Last week, two articles highlighted the complex geopolitical and global security challenges posed by Saudi Arabia’s decision to build nuclear power plants.  One argued that a Saudi rejection of the Westinghouse bid to construct their first two plants would be a clear win for U.S. nonproliferation policy. The other underscored that decreasing U.S. engagement in the Middle East was limiting American influence in the region and driving nations into closer cooperation with Russia and China.

The loss of American influence over the nascent Saudi nuclear program would not guarantee a non-proliferation victory for the U.S. or the global community. It could put the U.S. at a geopolitical disadvantage in relation to Russia and China, both of which have very different standards and political calculations for international nuclear cooperation.

At the heart of the non-proliferation issue is the real value of the “Gold Standard,” a mandatory limit on uranium enrichment and spent fuel reprocessing – the pathways to the bomb. The U.S. has included this standard in only two of twenty-three agreements with other nations (Taiwan and the United Arab Emirates).
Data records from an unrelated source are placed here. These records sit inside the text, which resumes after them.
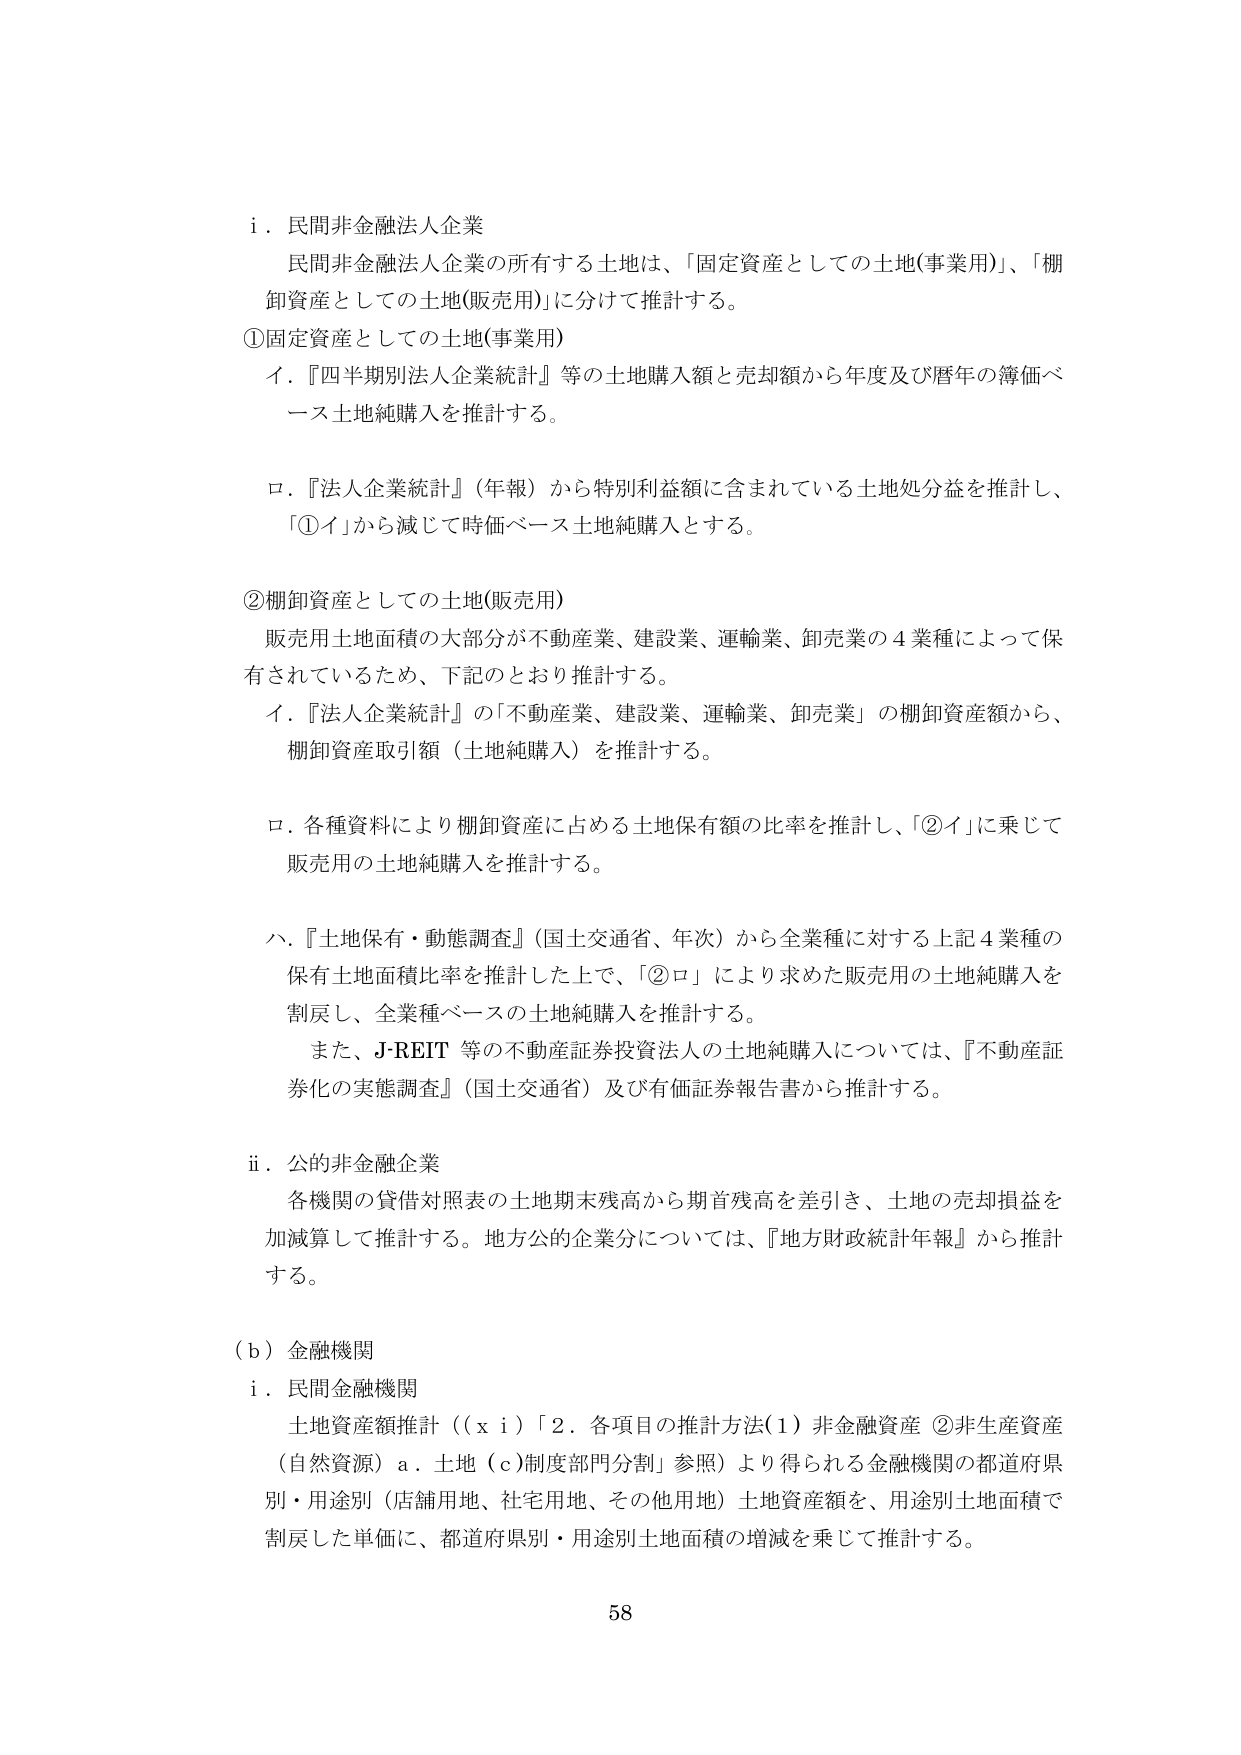
i．民間非金融法人企業
民間非金融法人企業の所有する土地は、「固定資産としての土地(事業用)」、「棚卸資産としての土地(販売用)」に分けて推計する。

①固定資産としての土地(事業用)
イ．『四半期別法人企業統計』等の土地購入額と売却額から年度及び暦年の簿価ベース土地純購入を推計する。

ロ．『法人企業統計』（年報）から特別利益額に含まれている土地処分益を推計し、「①イ」から減じて時価ベース土地純購入とする。

②棚卸資産としての土地(販売用)
販売用土地面積の大部分が不動産業、建設業、運輸業、卸売業の4業種によって保有されているため、下記のとおり推計する。
イ．『法人企業統計』の「不動産業、建設業、運輸業、卸売業」の棚卸資産額から、棚卸資産取引額（土地純購入）を推計する。

ロ．各種資料により棚卸資産に占める土地保有額の比率を推計し、「②イ」に乗じて販売用の土地純購入を推計する。

ハ．『土地保有・動態調査』（国土交通省、年次）から全業種に対する上記4業種の保有土地面積比率を推計した上で、「②ロ」により求めた販売用の土地純購入を割戻し、全業種ベースの土地純購入を推計する。
また、J-REIT等の不動産証券投資法人の土地純購入については、『不動産証券化の実態調査』（国土交通省）及び有価証券報告書から推計する。

ii．公的非金融企業
各機関の貸借対照表の土地期末残高から期首残高を差引き、土地の売却損益を加減算して推計する。地方公的企業分については、『地方財政統計年報』から推計する。

(b) 金融機関
i．民間金融機関
土地資産額推計（（x i）「2．各項目の推計方法(1) 非金融資産 ②非生産資産（自然資源）a．土地（c）制度部門分割」参照）より得られる金融機関の都道府県別・用途別（店舗用地、住宅用地、その他用地）土地資産額を、用途別土地面積で割戻した単価に、都道府県別・用途別土地面積の増減を乗じて推計する。

58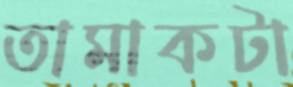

The remaining pacts contain stringent non-proliferation requirements that must be met to allow for the transfer of U.S. nuclear technology.

Is the gold standard or an alternative set of limits best applied to Saudi Arabia? The answer is not simple, and its implications are complex and high-stakes.

Secretary of State Pompeo has told Congress that the U.S. “wants[s] a gold-standard 123 agreement” with Saudi Arabia. But, Saudi officials have stated that they want to extract uranium and produce nuclear fuel as part of their nuclear self-sufficiency. More concerning, top Saudi officials have declared that they would seek a nuclear weapon if Iran develops that capability. This situation would create a global non-proliferation crisis and must be prevented. Partnering with the U.S. would put a brake on this proliferation potential, but first, there has to be a deal.

The Saudis have clearly indicated that they view the U.S. as an important nuclear partner and desire its expertise. But, they have expressed a willingness to choose a non-U.S. nuclear supplier if an agreement cannot be reached.

It is not clear that Saudi Arabia would be denied sensitive technologies under non-binding international limits. However, it's highly unlikely that the U.S., South Korea, or France - three of the five final bidders on the Saudi reactors - would supply uranium enrichment and reprocessing equipment to the kingdom. It is not clear that Russia or China would feel similarly restrained. Their civil nuclear industries are state-owned, and their decision-making is linked to national and geopolitical objectives that may not prioritize nonproliferation and nuclear security.

Nuclear geopolitics and non-proliferation do not reside in separate issue silos to be evaluated in isolation. Valuing one over the other will not ensure global security in our intensely interconnected and complex world. Achieving the right balance between them will.